My latest trial, done this afternoon in less than 15mn (17 lines!):
snow :
shape_snowflake 300 repeat 100 { f:=3+0.5*$> +r[0] $f%,$f%,1,1,2 rotate. {lerp(0,90,$>/10)},1,0 } rm[0] a z,0.5 autocrop. r2dx. 16
l[] { 8,1,1,{3*1000} rand. 0,1 s c,-3 rbf 1000,0,1 a c }
repeat {w} {
400,400
{1,s/3},1,1,1,"
begin(P = I[#1,"$>"]; S = vector(#w#0*h#0*3,255));
k3 = 3*x;
x = P[k3]*w#-1;
y = P[k3 + 1]*h#-1;
r = round(lerp(0,d#0 - 1,cut(P[k3 + 2],0,1)));
M = crop(#0,0,0,r,w#0,h#0,1);
draw(#-1,S,x,y,0,0,w#0,h#0,1,1,0.75,M);
" rm.
to. "Snow",0.5~,0.5~,${"font macondo,150"},3,1,255
w. on. frame.png,$> rm.
}
generates this nice animation:
Here again, RBF FTW! (special message to @grosgood )
This morning, a colleague of mine talked about the fact that the Rock-Paper-Scissor game can be implemented with a cellular automata, and that it creates nice spiral-looking effects when applied on images (see for instance this page for explanations about this).
So I decided to do this with G’MIC, but of course it quickly drifted into amusing experiments:
- Done for 3D volumetric images
- Decorate the result with some water-like lighting.
Code;
Show/Hide
foo :
# Generate volumetric image.
150,150,150,1,v(2)
repeat 100 {
f "const boundary = 2;
const threshold = 9;
winner = (i + 1)%3;
H = histogram(crop(x - 1,y - 1,z - 1,3,3,3),1,winner,winner);
H[0]>=threshold?winner:i"
w.
}
# Decorate with water-like effect.
r 480,480,100%,1,6 b. xy,1%,2 c. 0,2 round. 1
+==[0] 1 +==[0] 2 ==[0] 0 n 0,255
foreach { i=$> s z
col0=0,0,0
col1=128,0,0
col2=200,128,32
foreach {
channels. -3,0 100%,100%,1,3 fc. ${col$i}
+fx_drop_water 1,20,2,80,0,3,35,10,1,0.5,0.25,0.5,0.75,0.05,0.15,0
rm.. channels.. 3 s. c rm. mv[0] $! a c
w.
}
a z
}
blend alpha s z r2dx 320
o output.gif,15
Result:
To those just getting a grasp of this stuff: keep at it! When the moment arrives to do G’MIC doodles, run with it. Ten years on and more, and the delight of seeing where a piece of code might go never wanes. It’s time well spent and — who knows? — you may even come up with something useful.

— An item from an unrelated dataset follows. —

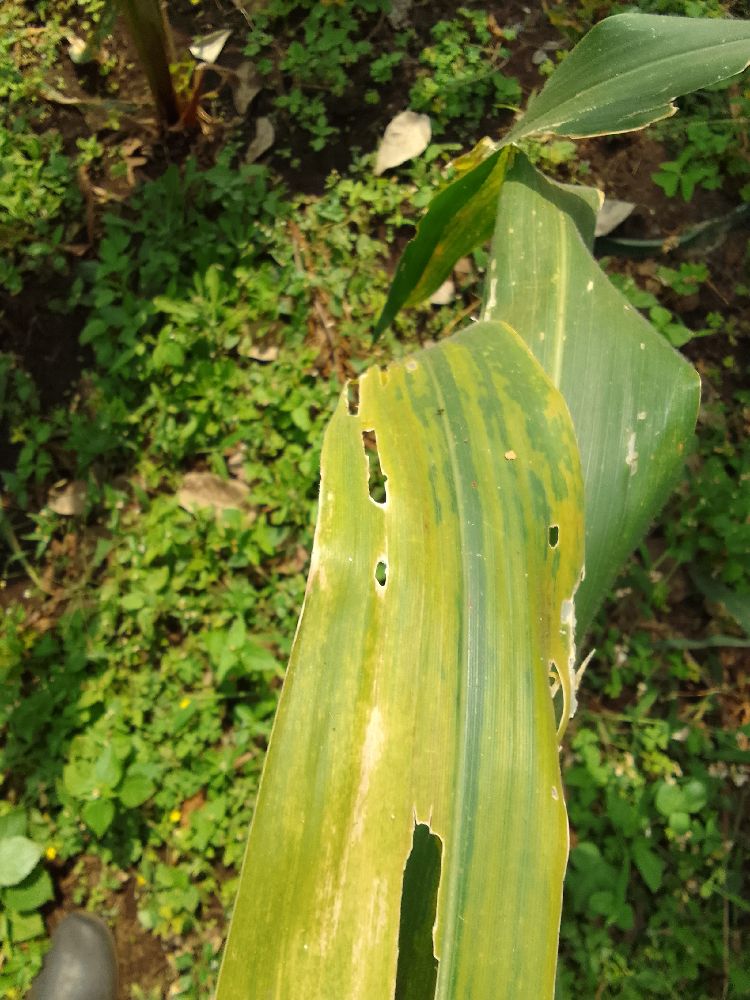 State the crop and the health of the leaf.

maize, maize lethal necrosis
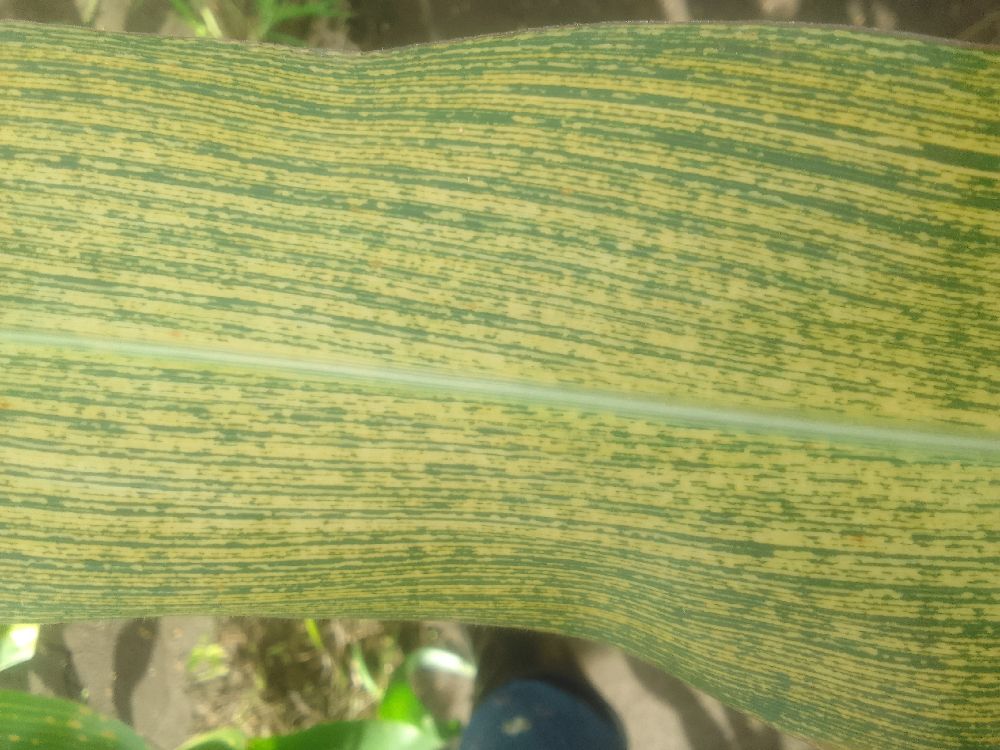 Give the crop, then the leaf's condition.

maize, maize streak virus

Here is a variation with 4 colors:
And with 10 colors:
This is making my head spin a little…
It’s kinda funny how those yellow blobs just pop in and out.

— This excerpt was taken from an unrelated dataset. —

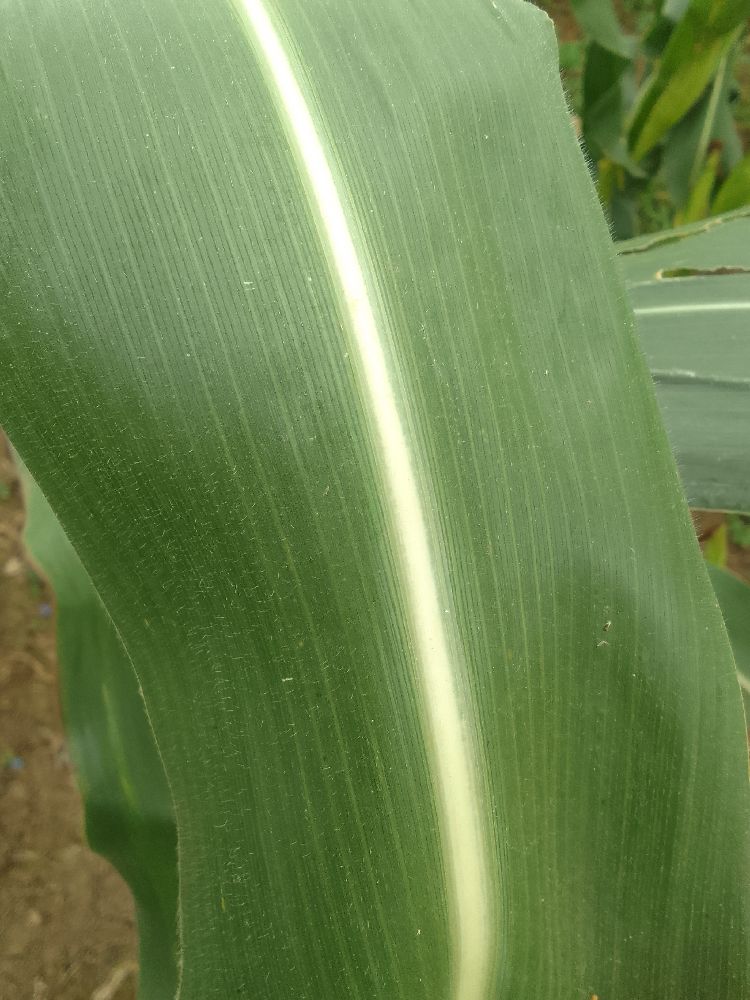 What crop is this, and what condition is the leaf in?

BTW, i don’t think i’ll ever understand what’s in the f
part of the code, but can you detail what’s happening here ? :
+==[0] 1 +==[0] 2 ==[0] 0
== is shorthand for the eq command. Amusingly, the shorthand is the same length as the command it abbreviates.
+==[0] 1
translates to “duplicate (+) the selected image(s) (here, the first image on the stack) and compare each pixel element (pel) to 1
( the eq
command’s argument). For those comparisons that result in ‘True’, set 1
for the corresponding pel in the duplicate. Otherwise, (False
), set 0
”.
For example, find all pels in cameraman
that are equal to a value of 177, and normalize for paint programs:
gmic sp cameraman,512 +== 177 n. 0,255
But you need one finger less to type it
Thanks for the info, I’ll try to see if I can use it for something (masking?)